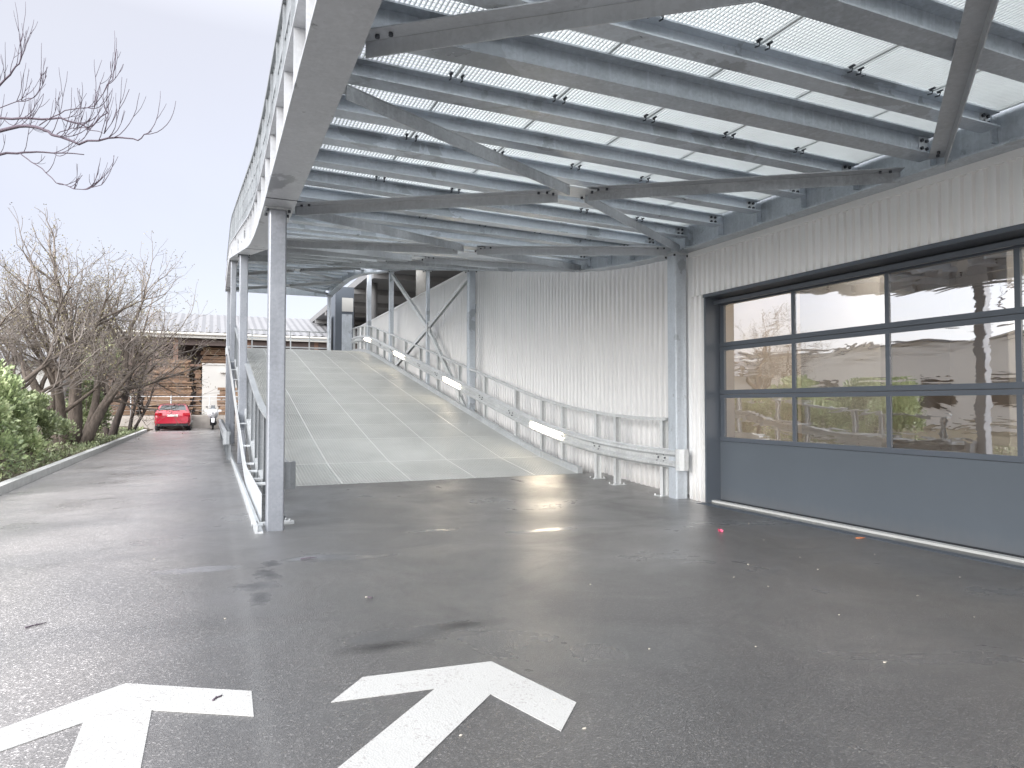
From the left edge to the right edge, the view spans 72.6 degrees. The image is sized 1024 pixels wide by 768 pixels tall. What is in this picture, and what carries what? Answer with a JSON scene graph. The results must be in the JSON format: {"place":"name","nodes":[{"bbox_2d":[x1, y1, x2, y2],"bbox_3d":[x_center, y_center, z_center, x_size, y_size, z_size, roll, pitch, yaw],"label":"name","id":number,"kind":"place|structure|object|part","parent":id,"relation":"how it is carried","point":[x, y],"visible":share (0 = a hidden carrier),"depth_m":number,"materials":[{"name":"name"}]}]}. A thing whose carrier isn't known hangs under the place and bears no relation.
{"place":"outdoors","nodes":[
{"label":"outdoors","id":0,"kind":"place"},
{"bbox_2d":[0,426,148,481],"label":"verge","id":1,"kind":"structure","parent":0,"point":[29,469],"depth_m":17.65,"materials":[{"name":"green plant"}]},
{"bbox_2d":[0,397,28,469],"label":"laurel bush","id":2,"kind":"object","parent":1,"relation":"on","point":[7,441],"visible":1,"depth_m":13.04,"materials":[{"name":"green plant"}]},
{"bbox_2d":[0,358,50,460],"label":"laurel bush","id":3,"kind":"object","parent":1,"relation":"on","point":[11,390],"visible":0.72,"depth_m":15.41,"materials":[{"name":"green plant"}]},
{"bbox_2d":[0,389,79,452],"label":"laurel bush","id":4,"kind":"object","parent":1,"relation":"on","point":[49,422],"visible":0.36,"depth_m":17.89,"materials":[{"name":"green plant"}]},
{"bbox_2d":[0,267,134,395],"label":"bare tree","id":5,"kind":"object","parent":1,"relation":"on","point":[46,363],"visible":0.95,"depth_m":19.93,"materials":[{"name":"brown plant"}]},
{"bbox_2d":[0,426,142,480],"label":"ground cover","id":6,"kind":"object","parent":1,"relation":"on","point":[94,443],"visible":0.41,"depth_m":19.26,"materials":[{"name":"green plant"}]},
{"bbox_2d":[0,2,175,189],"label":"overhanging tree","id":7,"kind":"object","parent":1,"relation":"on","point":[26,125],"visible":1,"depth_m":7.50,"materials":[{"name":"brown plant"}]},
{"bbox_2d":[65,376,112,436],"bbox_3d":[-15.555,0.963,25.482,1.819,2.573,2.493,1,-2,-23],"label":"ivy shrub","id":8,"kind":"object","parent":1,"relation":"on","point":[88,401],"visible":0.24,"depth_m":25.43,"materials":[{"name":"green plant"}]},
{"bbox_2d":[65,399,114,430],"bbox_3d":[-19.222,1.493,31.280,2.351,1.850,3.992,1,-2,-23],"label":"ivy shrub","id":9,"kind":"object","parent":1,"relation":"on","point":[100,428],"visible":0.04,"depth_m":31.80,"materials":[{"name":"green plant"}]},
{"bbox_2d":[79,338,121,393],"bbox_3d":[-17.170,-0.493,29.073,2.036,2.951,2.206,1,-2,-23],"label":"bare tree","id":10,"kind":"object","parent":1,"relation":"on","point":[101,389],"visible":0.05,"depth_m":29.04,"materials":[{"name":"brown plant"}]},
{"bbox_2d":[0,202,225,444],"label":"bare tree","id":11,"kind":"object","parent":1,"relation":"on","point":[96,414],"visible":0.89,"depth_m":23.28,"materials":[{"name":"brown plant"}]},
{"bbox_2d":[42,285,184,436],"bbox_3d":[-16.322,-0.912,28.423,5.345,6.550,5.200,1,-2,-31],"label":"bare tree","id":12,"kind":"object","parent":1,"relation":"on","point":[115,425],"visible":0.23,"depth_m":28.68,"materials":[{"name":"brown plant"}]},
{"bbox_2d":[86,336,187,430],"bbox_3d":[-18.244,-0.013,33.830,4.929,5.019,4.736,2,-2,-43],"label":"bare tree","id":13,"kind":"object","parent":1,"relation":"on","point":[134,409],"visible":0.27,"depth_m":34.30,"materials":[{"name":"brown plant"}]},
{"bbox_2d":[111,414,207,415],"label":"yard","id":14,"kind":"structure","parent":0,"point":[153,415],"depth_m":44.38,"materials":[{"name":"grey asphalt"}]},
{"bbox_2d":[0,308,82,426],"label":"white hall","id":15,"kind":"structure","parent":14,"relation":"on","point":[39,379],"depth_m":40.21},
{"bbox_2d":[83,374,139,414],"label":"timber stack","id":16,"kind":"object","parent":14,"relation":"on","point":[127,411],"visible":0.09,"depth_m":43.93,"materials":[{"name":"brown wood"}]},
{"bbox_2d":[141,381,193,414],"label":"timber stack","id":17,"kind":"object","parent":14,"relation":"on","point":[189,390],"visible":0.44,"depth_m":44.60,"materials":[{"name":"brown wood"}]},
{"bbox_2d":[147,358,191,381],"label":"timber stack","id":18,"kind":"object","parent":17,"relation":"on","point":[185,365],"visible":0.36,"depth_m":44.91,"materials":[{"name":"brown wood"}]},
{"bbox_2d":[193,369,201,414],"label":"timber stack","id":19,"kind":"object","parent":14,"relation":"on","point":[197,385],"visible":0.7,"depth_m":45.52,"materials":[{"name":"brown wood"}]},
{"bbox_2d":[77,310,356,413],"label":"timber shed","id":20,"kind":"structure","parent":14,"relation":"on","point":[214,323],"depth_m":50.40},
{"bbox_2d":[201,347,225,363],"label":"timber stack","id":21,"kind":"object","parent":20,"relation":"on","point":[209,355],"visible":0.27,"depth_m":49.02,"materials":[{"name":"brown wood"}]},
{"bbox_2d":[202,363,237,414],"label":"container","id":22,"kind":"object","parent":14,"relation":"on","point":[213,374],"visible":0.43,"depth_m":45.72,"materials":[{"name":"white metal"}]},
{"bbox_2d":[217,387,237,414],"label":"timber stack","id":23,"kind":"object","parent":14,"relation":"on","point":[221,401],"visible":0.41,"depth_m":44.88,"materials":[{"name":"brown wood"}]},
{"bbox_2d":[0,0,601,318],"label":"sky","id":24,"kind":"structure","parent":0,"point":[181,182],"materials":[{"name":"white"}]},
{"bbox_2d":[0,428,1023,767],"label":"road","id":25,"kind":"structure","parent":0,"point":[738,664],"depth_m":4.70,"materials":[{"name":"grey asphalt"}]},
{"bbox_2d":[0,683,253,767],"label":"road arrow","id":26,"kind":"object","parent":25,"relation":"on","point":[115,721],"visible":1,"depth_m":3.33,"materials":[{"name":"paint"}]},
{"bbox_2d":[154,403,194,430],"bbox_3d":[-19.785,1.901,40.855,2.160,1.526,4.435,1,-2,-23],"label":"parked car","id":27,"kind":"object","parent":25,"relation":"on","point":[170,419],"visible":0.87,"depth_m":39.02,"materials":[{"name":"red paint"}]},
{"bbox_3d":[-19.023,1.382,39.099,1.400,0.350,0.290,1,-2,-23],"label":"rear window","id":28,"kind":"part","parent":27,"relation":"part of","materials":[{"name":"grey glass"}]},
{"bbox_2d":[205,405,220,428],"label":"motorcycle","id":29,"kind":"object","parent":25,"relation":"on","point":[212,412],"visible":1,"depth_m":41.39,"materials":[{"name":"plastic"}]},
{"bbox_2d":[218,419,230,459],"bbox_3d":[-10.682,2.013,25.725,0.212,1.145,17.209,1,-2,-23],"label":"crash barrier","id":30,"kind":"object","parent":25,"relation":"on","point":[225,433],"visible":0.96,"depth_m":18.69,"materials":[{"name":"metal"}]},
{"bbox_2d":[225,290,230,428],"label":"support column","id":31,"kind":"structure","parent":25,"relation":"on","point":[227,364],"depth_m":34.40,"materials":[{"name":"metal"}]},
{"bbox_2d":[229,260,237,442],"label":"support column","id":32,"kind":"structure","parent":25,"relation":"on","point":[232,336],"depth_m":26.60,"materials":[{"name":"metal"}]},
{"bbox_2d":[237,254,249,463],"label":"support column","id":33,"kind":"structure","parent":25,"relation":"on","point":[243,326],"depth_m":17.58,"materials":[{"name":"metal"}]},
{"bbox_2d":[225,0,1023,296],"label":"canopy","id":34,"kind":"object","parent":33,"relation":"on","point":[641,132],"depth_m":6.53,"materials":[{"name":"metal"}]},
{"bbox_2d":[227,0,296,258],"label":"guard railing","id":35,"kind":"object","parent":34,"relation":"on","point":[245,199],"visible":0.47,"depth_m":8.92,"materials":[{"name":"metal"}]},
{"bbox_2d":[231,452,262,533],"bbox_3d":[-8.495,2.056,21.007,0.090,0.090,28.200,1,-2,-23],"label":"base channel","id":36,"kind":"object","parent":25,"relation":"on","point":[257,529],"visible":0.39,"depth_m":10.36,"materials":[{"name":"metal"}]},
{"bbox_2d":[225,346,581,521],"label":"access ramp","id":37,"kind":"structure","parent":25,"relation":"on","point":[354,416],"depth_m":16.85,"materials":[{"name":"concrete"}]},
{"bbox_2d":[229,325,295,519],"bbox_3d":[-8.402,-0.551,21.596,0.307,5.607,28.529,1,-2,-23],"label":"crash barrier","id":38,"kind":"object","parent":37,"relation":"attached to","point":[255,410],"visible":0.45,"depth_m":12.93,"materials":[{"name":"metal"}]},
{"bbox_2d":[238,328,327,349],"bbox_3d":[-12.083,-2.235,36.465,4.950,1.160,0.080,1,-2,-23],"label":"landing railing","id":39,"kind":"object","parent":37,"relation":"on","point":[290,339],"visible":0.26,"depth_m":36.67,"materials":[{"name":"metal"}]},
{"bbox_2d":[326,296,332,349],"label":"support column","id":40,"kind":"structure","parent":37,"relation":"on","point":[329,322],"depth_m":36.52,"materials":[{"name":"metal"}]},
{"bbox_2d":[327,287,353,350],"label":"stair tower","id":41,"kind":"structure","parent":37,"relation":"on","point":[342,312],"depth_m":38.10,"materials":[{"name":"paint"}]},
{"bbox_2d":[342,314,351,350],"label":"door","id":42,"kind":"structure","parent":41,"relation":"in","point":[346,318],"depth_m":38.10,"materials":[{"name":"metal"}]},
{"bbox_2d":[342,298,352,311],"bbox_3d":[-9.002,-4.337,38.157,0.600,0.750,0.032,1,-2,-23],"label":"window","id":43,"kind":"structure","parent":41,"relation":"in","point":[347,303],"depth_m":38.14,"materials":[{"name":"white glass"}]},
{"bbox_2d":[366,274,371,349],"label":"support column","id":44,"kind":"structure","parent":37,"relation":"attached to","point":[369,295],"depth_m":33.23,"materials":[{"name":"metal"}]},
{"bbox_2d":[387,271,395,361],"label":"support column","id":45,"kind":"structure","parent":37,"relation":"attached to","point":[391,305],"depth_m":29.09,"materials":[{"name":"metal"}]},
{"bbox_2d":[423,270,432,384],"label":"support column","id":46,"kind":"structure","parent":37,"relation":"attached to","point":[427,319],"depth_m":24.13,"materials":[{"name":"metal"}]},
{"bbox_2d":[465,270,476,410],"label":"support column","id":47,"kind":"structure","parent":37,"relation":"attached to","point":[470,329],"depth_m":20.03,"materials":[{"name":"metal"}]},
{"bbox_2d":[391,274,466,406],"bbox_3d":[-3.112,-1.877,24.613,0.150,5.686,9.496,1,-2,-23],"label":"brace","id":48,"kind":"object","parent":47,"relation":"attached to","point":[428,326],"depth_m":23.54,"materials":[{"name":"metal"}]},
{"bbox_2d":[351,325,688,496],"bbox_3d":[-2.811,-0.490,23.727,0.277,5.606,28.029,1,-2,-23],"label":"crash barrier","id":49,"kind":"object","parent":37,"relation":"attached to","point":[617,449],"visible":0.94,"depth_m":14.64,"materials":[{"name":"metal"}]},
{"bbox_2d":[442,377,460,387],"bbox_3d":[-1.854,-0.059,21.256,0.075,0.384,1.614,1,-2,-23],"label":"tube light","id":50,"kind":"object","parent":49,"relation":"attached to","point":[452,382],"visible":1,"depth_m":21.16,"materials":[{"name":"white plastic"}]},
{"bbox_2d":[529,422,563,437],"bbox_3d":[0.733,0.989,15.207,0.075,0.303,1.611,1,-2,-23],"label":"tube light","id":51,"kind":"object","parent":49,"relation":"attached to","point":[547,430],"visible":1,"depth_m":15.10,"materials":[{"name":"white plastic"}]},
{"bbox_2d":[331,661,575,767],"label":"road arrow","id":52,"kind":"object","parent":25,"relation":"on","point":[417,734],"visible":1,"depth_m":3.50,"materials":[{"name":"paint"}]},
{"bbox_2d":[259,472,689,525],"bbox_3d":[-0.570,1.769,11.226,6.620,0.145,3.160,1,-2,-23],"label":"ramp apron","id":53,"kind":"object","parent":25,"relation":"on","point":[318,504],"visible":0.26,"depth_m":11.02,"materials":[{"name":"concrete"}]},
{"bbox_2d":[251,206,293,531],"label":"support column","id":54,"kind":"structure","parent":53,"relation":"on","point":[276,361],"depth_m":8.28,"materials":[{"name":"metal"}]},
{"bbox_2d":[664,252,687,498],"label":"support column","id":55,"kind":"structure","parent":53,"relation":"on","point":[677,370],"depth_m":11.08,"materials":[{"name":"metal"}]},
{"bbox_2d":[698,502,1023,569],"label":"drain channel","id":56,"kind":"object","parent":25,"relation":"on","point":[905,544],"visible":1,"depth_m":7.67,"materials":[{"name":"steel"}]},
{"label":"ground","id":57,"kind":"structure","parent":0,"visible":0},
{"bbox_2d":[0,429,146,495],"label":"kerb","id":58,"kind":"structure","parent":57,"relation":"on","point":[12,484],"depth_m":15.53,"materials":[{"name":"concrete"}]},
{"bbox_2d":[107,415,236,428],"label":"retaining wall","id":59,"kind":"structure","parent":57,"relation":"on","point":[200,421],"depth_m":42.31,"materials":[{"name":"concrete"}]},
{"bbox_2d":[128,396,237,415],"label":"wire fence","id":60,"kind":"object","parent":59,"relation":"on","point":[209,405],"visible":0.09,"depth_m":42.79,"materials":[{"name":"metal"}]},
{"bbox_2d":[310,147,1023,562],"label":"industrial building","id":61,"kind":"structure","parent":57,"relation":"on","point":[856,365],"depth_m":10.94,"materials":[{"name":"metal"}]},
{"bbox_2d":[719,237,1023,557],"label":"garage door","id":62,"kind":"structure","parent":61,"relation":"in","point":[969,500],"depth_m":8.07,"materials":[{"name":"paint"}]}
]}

» **GOAL OF THE EXERCISE**
For the string "crash", count the matching lines in the listing and give that number by itself.

» **EXERCISE RESULT**
3